In writing this column in Writely, I've chosen my font, changed the line spacing, even gone crazy and indented the paragraphs without really breaking stride. It's all straightforward, intuitive stuff. On the downside, printing doesn't look too pretty: if you're spending a lot of time collating documents, doing fancy layouts, adding images or writing book-length materials in Master Documents, then you're better off with something like Word. And according to comments on Writely's blog, getting links to people to read your document can present confusing sign-up choices, although these may vanish once Google account integration is worked out. However, these seem like problems that can be fixed, and if you're writing something like this -- short, delightfully written online prose -- then Writely makes perfect sense.
The one thing you want to do when you've written a column is check how many words you've written. A journalist I know (and an impeccable source) worked at Microsoft as a consultant several years ago, advising the company on ways to improve its software, and he asked the team why the word-count feature wasn't easier to find. He was told that this facility was a low priority because the team were so angry with the bad press they'd received that they had no wish to make life easier for members of the media. Writely passed this test with flying colours. Just go to the Edit menu and select count words (although I admit I did have to look it up in the Help menu).
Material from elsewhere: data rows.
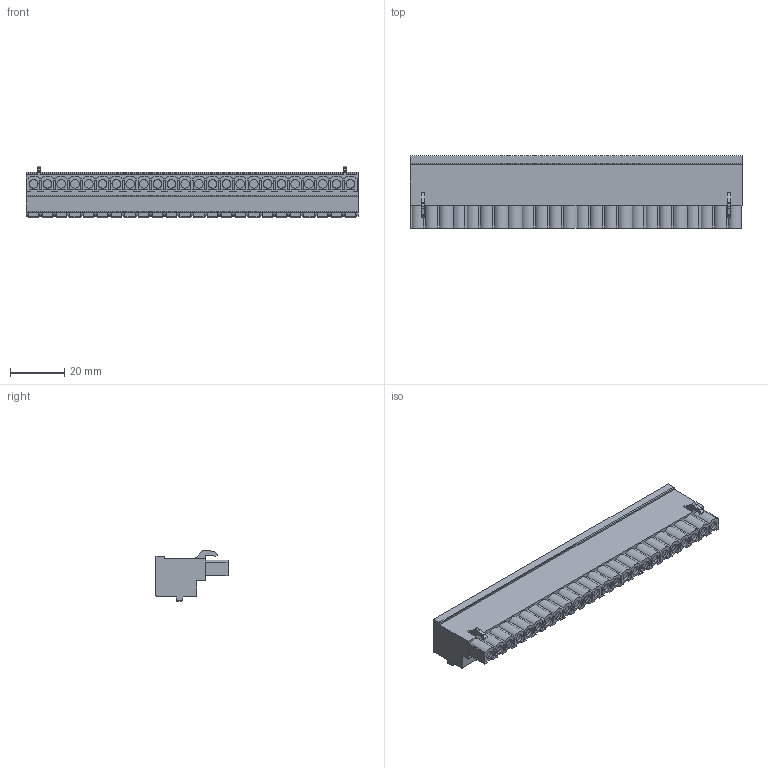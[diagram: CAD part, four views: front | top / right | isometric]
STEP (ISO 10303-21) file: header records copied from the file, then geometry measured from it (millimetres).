
FILE_DESCRIPTION((''),'2;1');
FILE_NAME('3333','2024-09-27T14:14:41',('tluser'),(''),'CREO PARAMETRIC BY PTC INC, 2018100','CREO PARAMETRIC BY PTC INC, 2018100','');
FILE_SCHEMA(('CONFIG_CONTROL_DESIGN'));
Length unit declared in the file: millimetre
Products named in the file (1): 3333
Bounding box: 122.54 x 26.6 x 19.01 mm (x, y, z)
Volume: 33313.9 mm3; surface area: 13626.6 mm2
Topology: 1 solids, 1 shells, 1341 faces, 3450 edges, 2300 vertices
Faces by surface type: plane 910, cylinder 431
Entity records: 40764 total; most frequent: CARTESIAN_POINT 7091, DIRECTION 6994, ORIENTED_EDGE 6900, EDGE_CURVE 3450, VECTOR 2588, LINE 2588, VERTEX_POINT 2300, AXIS2_PLACEMENT_3D 2203

Writely was put in closed beta after its purchase by Google in March, and the company is now working to integrate it with Google's membership systems and to ensure that its technology has the scale required to become the planet's free writing application. I hope they figure it out. Once it's properly integrated with Google Calendar and Gmail, I for one (along with a couple of Swedish quantity surveyors) will definitely be using Writely whenever possible. Take my Word for it. Please.